The old man resisted for a time. The daughter tried to calm the child. Nothing worked. The screaming went on for days. Finally the old man opened the outermost box and took out the next box and opened that one too, working his way inward until he reached a small box that glowed faintly at the seams. He opened it and took out a bright ball - the stars, bundled together - and gave it to the child to play with.

The child stopped crying. He rolled the ball of stars around on the floor. He threw it. He chased it. Then, when no one was watching closely, he threw it up through the smoke hole.

The stars scattered across the sky and stuck there.

The Moon on the Floor

The old man was furious but the child screamed again, harder, and would not stop. The old man opened the next set of boxes. Inside was the moon - cold and white and round. He gave it to the child.

The child played with the moon the same way. He rolled it across the packed-earth floor of the house. He held it up and looked at it. The old man watched him nervously. The daughter watched too. The child seemed content.

Then he threw the moon through the smoke hole.

It rose and kept rising and settled into the sky above the mountains. Now the world had starlight and moonlight both. The people along the coast could see the water again. They could see each other’s faces in pale silver.

But Raven was not finished.

The Sun in the Last Box

There was one more set of boxes. The innermost. The old man knew what the child wanted. He refused. He sealed the boxes with cord and pushed them deeper into the back of the house. The child screamed. The screaming was terrible - it filled the house and rang off the cedar walls and the daughter begged her father to give in.

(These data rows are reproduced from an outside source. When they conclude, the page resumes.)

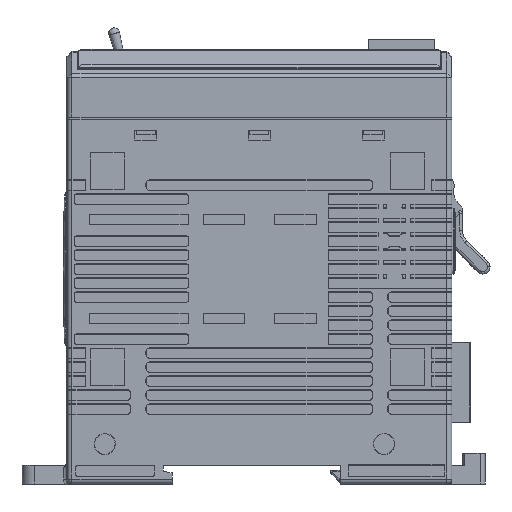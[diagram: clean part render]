
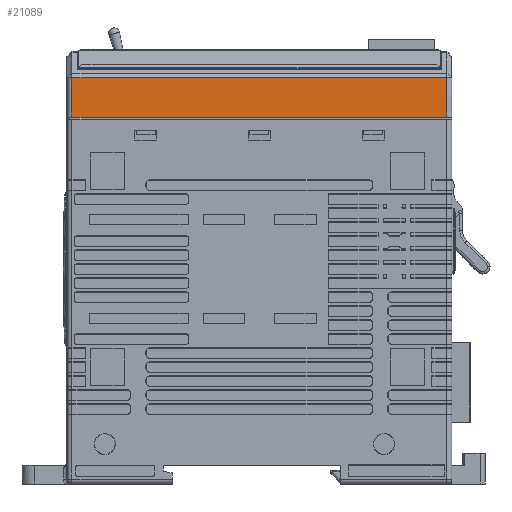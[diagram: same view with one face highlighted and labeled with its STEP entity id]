
A CAD part, left-side view. The second image highlights one B-rep face of the part: STEP entity #21089.
In plain terms, the highlighted planar face has unit normal (-1, 0, 0).
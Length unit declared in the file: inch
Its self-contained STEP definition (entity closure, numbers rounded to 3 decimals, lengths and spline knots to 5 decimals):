
#1316 = VECTOR ( 'NONE', #41832, 39.37008 ) ;
#1386 = CARTESIAN_POINT ( 'NONE',  ( -1.14711, -1.39786, 3.05734 ) ) ;
#3037 = LINE ( 'NONE', #63513, #1316 ) ;
#3383 = DIRECTION ( 'NONE',  ( 0., 0., 1. ) ) ;
#4588 = ORIENTED_EDGE ( 'NONE', *, *, #101592, .T. ) ;
#7445 = ORIENTED_EDGE ( 'NONE', *, *, #12087, .T. ) ;
#12087 = EDGE_CURVE ( 'NONE', #120845, #73707, #64500, .T. ) ;
#15078 = PLANE ( 'NONE',  #55595 ) ;
#17954 = DIRECTION ( 'NONE',  ( 0., -1., 0. ) ) ;
#21089 = ADVANCED_FACE ( 'NONE', ( #113739 ), #15078, .T. ) ;
#21608 = LINE ( 'NONE', #72884, #65925 ) ;
#22235 = EDGE_CURVE ( 'NONE', #118542, #54509, #21608, .T. ) ;
#26322 = CARTESIAN_POINT ( 'NONE',  ( -1.14711, -1.39786, -1.04757 ) ) ;
#30991 = ORIENTED_EDGE ( 'NONE', *, *, #22235, .T. ) ;
#41832 = DIRECTION ( 'NONE',  ( 0., 1., 0. ) ) ;
#51877 = DIRECTION ( 'NONE',  ( 0., 0., -1. ) ) ;
#54509 = VERTEX_POINT ( 'NONE', #68995 ) ;
#55228 = CARTESIAN_POINT ( 'NONE',  ( -1.14711, -0.14784, -1.04757 ) ) ;
#55595 = AXIS2_PLACEMENT_3D ( 'NONE', #55228, #107736, #66371 ) ;
#59520 = CARTESIAN_POINT ( 'NONE',  ( -1.14711, -1.39786, 2.74295 ) ) ;
#63075 = VECTOR ( 'NONE', #17954, 39.37008 ) ;
#63513 = CARTESIAN_POINT ( 'NONE',  ( -1.14711, -0.14784, 3.05734 ) ) ;
#64500 = LINE ( 'NONE', #26322, #110977 ) ;
#65925 = VECTOR ( 'NONE', #51877, 39.37008 ) ;
#66103 = CARTESIAN_POINT ( 'NONE',  ( -1.14711, 1.5549, 3.05734 ) ) ;
#66371 = DIRECTION ( 'NONE',  ( 0., 0., 1. ) ) ;
#68995 = CARTESIAN_POINT ( 'NONE',  ( -1.14711, 1.5549, 2.74295 ) ) ;
#71009 = ORIENTED_EDGE ( 'NONE', *, *, #98656, .T. ) ;
#72884 = CARTESIAN_POINT ( 'NONE',  ( -1.14711, 1.5549, -1.04757 ) ) ;
#73707 = VERTEX_POINT ( 'NONE', #1386 ) ;
#95807 = EDGE_LOOP ( 'NONE', ( #7445, #71009, #30991, #4588 ) ) ;
#98656 = EDGE_CURVE ( 'NONE', #73707, #118542, #3037, .T. ) ;
#101592 = EDGE_CURVE ( 'NONE', #54509, #120845, #107988, .T. ) ;
#105391 = CARTESIAN_POINT ( 'NONE',  ( -1.14711, -0.14784, 2.74295 ) ) ;
#107736 = DIRECTION ( 'NONE',  ( -1., 0., 0. ) ) ;
#107988 = LINE ( 'NONE', #105391, #63075 ) ;
#110977 = VECTOR ( 'NONE', #3383, 39.37008 ) ;
#113739 = FACE_OUTER_BOUND ( 'NONE', #95807, .T. ) ;
#118542 = VERTEX_POINT ( 'NONE', #66103 ) ;
#120845 = VERTEX_POINT ( 'NONE', #59520 ) ;

The old man held out longer this time. Days. The child would not eat. Would not sleep. Would not stop screaming.

At last the old man opened the final box.

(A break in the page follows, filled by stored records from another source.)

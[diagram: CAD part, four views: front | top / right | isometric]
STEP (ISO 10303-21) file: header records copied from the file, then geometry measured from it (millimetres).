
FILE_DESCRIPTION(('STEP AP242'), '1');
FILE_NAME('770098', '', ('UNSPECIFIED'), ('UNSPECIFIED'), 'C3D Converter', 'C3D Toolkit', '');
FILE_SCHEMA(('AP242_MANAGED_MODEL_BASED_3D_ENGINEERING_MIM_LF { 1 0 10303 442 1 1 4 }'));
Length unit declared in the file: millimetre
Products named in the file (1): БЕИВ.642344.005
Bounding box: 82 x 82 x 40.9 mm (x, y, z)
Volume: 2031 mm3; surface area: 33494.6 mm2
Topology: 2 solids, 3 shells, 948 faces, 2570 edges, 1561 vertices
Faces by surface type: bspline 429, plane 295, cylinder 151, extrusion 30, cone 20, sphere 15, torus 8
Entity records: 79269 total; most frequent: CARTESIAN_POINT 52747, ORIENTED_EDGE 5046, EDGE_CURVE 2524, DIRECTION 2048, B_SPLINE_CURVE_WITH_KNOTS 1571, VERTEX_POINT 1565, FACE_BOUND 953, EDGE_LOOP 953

The light inside was so bright it hurt. The sun. It filled the whole house with gold and heat, and the old man squinted and reached in and handed the ball of light to his grandson.

Raven dropped the child’s body like a coat. He was Raven again - wings, beak, black eyes - and he seized the sun in his claws and flew straight up toward the smoke hole. The old man shouted. The daughter grabbed at the bird’s tail feathers. Raven was already through.

The smoke hole was narrow and the fire was burning beneath it. The smoke and soot blackened Raven’s feathers as he pushed through. They had been white before - some say grey, some say white as a gull - but the smoke turned them black, and they stayed black. He burst out into the open air carrying the sun.

Raven in the Open Sky

He flew high. The world opened below him - rivers, mountains, the ocean, the islands of the coast, the cedar forests, the villages of the people. All of it had been there in the dark but now it was visible, every detail, every color. Raven could see fish in the water. He could see berries on the bushes. He was already thinking about eating.

He threw the sun into the sky. It hung there and it has not come down.

The old man stood in the doorway of his house on the Nass River, shielding his eyes. His daughter stood behind him. The boxes were empty. The house was full of light for the first time, ordinary daylight coming in through the door and the smoke hole, and there was nothing left to hoard.

Raven flew along the coast. His feathers were black. His stomach was empty. He was looking for something to eat. He landed on a beach where the tide was going out and the rocks were covered with mussels and he began cracking them open with his beak, one after another, in the new light of the world he had made.